The Department of Justice recently raised some eyebrows by announcing that it wouldn't appeal a ruling striking down 18 USC § 116, the federal ban on female genital mutilation (FGM). The Solicitor General's explanatory letter "condemns this practice in the strongest possible terms." But it also argues that the FGM ban lacks a sufficient connection to Congress's powers under the Constitution, and it suggests that Congress enact a new ban with a clear jurisdictional nexus—for example, forbidding conduct that takes place within D.C. or federal territories, or conduct using the channels and instrumentalities of interstate commerce.

This is a perennial problem for Congress, which often writes broad legislation without too much attention to the limits on its powers. So maybe Congress should supply a nexus, not just for the FGM statute, but for every statute at once.

Imagine a Jurisdictional Nexus Act, added to Title 1, Chapter 2 of the U.S. Code, that says something like the following:

Sec. 115. Jurisdictional Nexus

A criminal offense established by act of Congress that would otherwise exceed the powers of Congress in at least one of its applications shall be construed, with respect to such applications, to extend only to offenses committed by means of at least one act or omission of any person—

(a) within the District of Columbia, any territory or possession of the United States, or the special maritime and territorial jurisdiction of the United States;

(b) involving the use of a means, channel, facility, or instrumentality of, or occurring in or otherwise affecting, interstate or foreign commerce; or

(c) who is, or to the injury of a person who is, protected under Sections 351, 1114, or 1751 of Title 18 [e.g., federal officers and employees, including the uniformed services—ed.].

This is a back-of-the-napkin version, but a real statute like this would have several advantages:

1. As a background rule of construction, along with much of the rest of Title 1, the statute can do its job even when a future Congress forgets about it. Like other legal rules of interpretation—RFRA, the Dictionary Act, the general savings statute (1 U.S.C. § 109), and so on—it silently amends past statutes and changes the effect of future ones, until a future Congress indicates otherwise. So Congress can keep on passing bills in general terms, without putting quite so much pressure on the courts to uphold them (or else to let bad actors go free).

2. The statute would only matter for offenses that fail for lack of constitutional power, not offenses that directly abridge constitutional rights. The key language here is the word "otherwise." A law banning Methodism might exceed the powers of Congress ("Congress shall make no law…"), but limiting it to Methodists in D.C. and the territories wouldn't help. The offense wouldn't "otherwise exceed" those powers, as compared to a world with the Nexus Act in place. So the Nexus Act would leave the Methodism law to fail on its own.

3. The statute would leave constitutional applications of existing statutes alone. Suppose that a statute can be applied in fifty-three ways, fifty of which are constitutionally fine, but three of which would exceed the powers of Congress. Using the Nexus Act to limit the whole statute would be inappropriate, especially because some of those fifty ways might be justified by other powers not listed above (the patent power, the counterfeiting power, etc.).
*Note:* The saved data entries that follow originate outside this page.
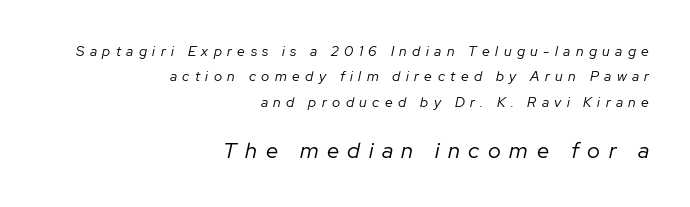
{"italic": "yes", "lean": "right", "slant_degrees": 12, "bold": "no", "underline": "no", "align": "right", "line_spacing_ratio": 1.82, "letter_spacing": "wide", "letter_spacing_em": 0.39, "larger_block": "second", "size_ratio": 1.57, "glyph_px": 22}
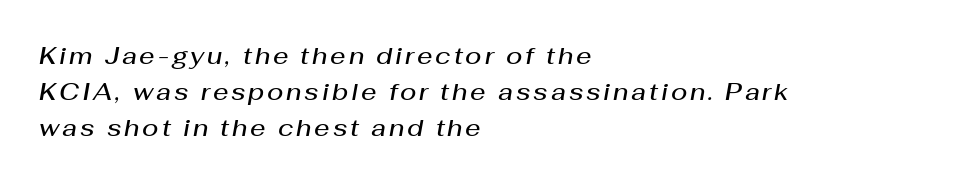
{"italic": "yes", "lean": "right", "slant_degrees": 10, "bold": "semi", "underline": "no", "align": "left", "line_spacing": "normal", "line_spacing_ratio": 1.5, "glyph_px": 24}
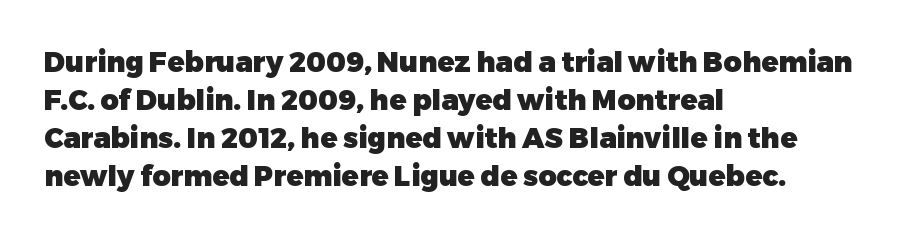
A typesetter would call this leading conventional body-copy spacing. Every letter is thick-stroked: bold, no question. The letterforms sit shoulder to shoulder at normal distance. You could not count columns in this text — the font is proportionally spaced. Grotesque or geometric, the face here clearly has no serifs.
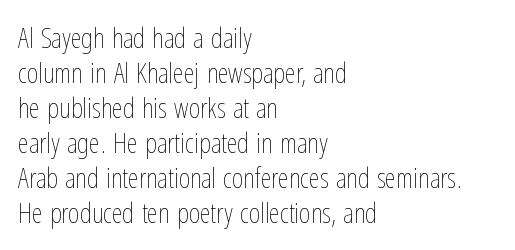
{"italic": "no", "bold": "no", "weight": "thin", "width": "condensed", "stroke_contrast": "low", "x_height": "medium", "monospaced": "no", "underline": "no", "align": "left", "line_spacing": "normal", "line_spacing_ratio": 1.25, "letter_spacing": "normal", "letter_spacing_em": 0.0, "glyph_px": 28}
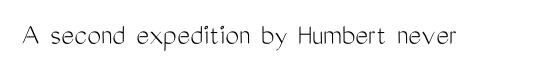
The image shows 31 px light, condensed sans-serif type, upright; set normal letter spacing, not underlined; medium stroke contrast and a medium x-height.
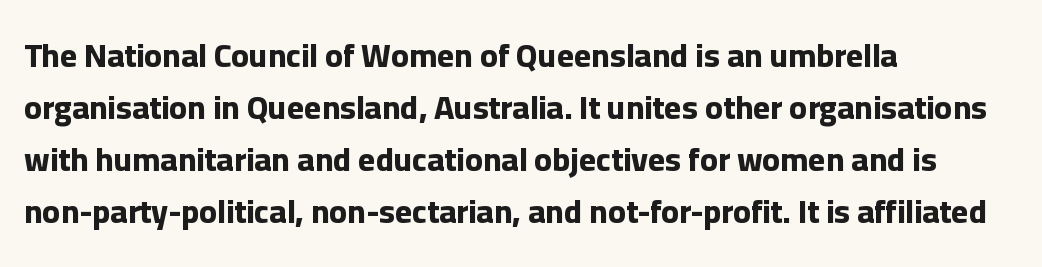
Q: Is the text bold? A: Yes.
Q: Is the text italic (slanted)? A: No, it is upright.
Q: Is the typeface a serif or a sans-serif typeface? A: Sans-serif.
Q: Is the text underlined? A: No.
Q: How is the paragraph aligned? A: Left-aligned.
Q: Is the spacing between letters normal or unusually wide? A: Normal.
Q: Is the spacing between lines tight, normal or loose? A: Normal.
Q: Width (condensed, normal, or wide)? A: Normal.
Q: Stroke contrast? A: Low.
Q: x-height? A: Medium.
Q: Monospaced? A: No.

Instead, the Act deals specifically with a statute's otherwise-unconstitutional applications. It offers a rule of construction only "with respect to such applications," so we don't have to spend much time thinking about the constitutional ones.

4. Although the statute might have the effect of expanding the reach of the criminal law (preserving offenses that would otherwise be struck down), it doesn't actually criminalize more conduct than Congress intended to reach. The statute acts only by limiting the scope of a criminal law, providing that the government can secure certain convictions only if it goes on to prove various additional elements. So it helps achieve Congress's goals, while also fitting well with a preference for lenity.

5. When the constitutional issues are murky, a statute like this still offers an easy procedural means of satisfying its requirements. Suppose we're not sure whether a given prosecution under a given statute is constitutional. If it is, everything proceeds as normal. If it isn't, the Nexus Act applies, and additional elements are needed. So whenever the government expects a constitutional challenge, it can simply draft the indictment to include one of the listed elements (which usually aren't very hard to prove).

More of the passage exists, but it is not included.